Voorts heeft de raadsman aangevoerd dat hij pas begin oktober 2012 de beschikking heeft gekregen over de verklaring van [medeverachte 1] van 15 augustus 2012, waarin deze een volledige bekentenis heeft afgelegd. Nu de raadsman daar niet over beschikte ten tijde van de voorgeleiding op 24 augustus 2012 stelt de raadsman zich op het standpunt dat sprake is van een flagrante schending van artikel 30 van het Wetboek van Strafvordering en het voorschrift van het Europese Hof voor de Rechten van de Mens dat de verdachte en de rechterlijke instanties over alle informatie dienen te beschikken, die van belang is voor de beoordeling van de gegrondheid van de voortzetting van de voorlopige hechtenis.
Het hof overweegt hieromtrent als volgt.
Ad 1.
Op grond van het verhandelde ter terechtzitting en de voorhanden zijnde processtukken stelt het hof vast dat niet is komen vast te staan dat sprake is geweest van enige onregelmatigheid gedurende het (voor)onderzoek. Ook overigens vindt de door de raadsman geponeerde stelling geen steun in het recht.
Ad 2.
Naar het oordeel van het hof is geen sprake van schending van enig wettelijk voorschrift als gesteld door de raadsman. Uit het dossier blijkt niet van een bewust onthouden van stukken. De verklaring waarop de raadsman doelt is afgelegd ten overstaan van de rechter- commissaris op 15 augustus 2012 door [medeverdachte 1] als verdachte in zijn eigen strafzaak. Nu een afschrift van dat proces-verbaal in het dossier is gevoegd direct nadat het door de politie aan [medeverachte 1] is voorgehouden bij gelegenheid van diens verhoor op 20 september 2012, ziet het hof daarin geen onregelmatigheid of schending van artikel 30 van het Wetboek van Strafvordering of van een voorschrift van het Europees Verdrag voor de Rechten van de Mens (EVRM) als door de raadsman betoogd. Ook anderszins is het hof van oordeel dat niet is gebleken van feiten en omstandigheden die dienen te leiden tot de door de raadsman verzochte strafvorderlijke consequentie van niet-ontvankelijkheid van het openbaar ministerie.

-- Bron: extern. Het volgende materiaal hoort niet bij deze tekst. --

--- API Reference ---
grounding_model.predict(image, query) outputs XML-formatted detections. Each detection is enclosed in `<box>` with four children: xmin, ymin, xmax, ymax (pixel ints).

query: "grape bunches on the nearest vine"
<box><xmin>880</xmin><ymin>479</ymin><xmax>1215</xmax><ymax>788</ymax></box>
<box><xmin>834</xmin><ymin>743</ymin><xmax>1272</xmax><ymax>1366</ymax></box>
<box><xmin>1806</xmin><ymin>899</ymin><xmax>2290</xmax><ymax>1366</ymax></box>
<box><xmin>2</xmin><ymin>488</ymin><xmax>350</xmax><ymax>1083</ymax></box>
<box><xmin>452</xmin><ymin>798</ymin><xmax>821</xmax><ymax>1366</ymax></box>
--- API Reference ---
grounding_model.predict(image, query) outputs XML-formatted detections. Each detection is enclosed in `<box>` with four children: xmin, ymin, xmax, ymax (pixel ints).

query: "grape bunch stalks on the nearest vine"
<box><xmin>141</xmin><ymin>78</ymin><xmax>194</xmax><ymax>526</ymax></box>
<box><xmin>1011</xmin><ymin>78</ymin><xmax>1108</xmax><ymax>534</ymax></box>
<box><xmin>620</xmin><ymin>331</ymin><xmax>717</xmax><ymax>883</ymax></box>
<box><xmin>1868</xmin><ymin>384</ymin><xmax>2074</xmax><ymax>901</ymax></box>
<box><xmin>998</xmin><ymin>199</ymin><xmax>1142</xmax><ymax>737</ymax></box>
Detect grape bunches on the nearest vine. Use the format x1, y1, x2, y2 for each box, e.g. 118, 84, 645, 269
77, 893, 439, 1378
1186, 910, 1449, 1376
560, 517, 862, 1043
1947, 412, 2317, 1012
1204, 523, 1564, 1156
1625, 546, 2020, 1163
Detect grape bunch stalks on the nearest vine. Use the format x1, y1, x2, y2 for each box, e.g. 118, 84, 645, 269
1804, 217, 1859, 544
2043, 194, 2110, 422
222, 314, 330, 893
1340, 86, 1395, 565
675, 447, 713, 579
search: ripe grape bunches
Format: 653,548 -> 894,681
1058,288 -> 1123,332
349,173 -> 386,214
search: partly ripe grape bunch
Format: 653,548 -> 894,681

Het hof verwerpt mitsdien de verweren van de raadsman.
Bewezenverklaring
Het hof acht wettig en overtuigend bewezen dat de verdachte het onder 2 primair ten laste gelegde heeft begaan, met dien verstande dat:
hij op 09 augustus 2012 te Rotterdam tezamen en in vereniging met anderen, met het oogmerk van wederrechtelijke toe-eigening heeft weggenomen twee mobiele telefoon
(s
)(te weten een BlackBerry (Curve) en een Samsung), toebehorende aan S. [naam slachtoffer], welke diefstal werd voorafgegaan en vergezeld en gevolgd van geweld tegen voornoemde [naam slachtoffer], gepleegd met het oogmerk om die diefstal voor te bereiden en gemakkelijk te maken en om bij betrapping op heterdaad aan zichzelf hetzij de vlucht mogelijk te maken, hetzij het bezit van het gestolene te verzekeren, welk geweld bestonden uit het
- meermalen, met kracht slaan en/of stompen en/of stoten tegen het hoofd van die [naam slachtoffer] en
- die [naam slachtoffer] wurgen en
- meermalen met een mes, in de borst en de hals en de rug, van die [naam slachtoffer] steken, ten gevolge waarvan voornoemde [naam slachtoffer] is overleden.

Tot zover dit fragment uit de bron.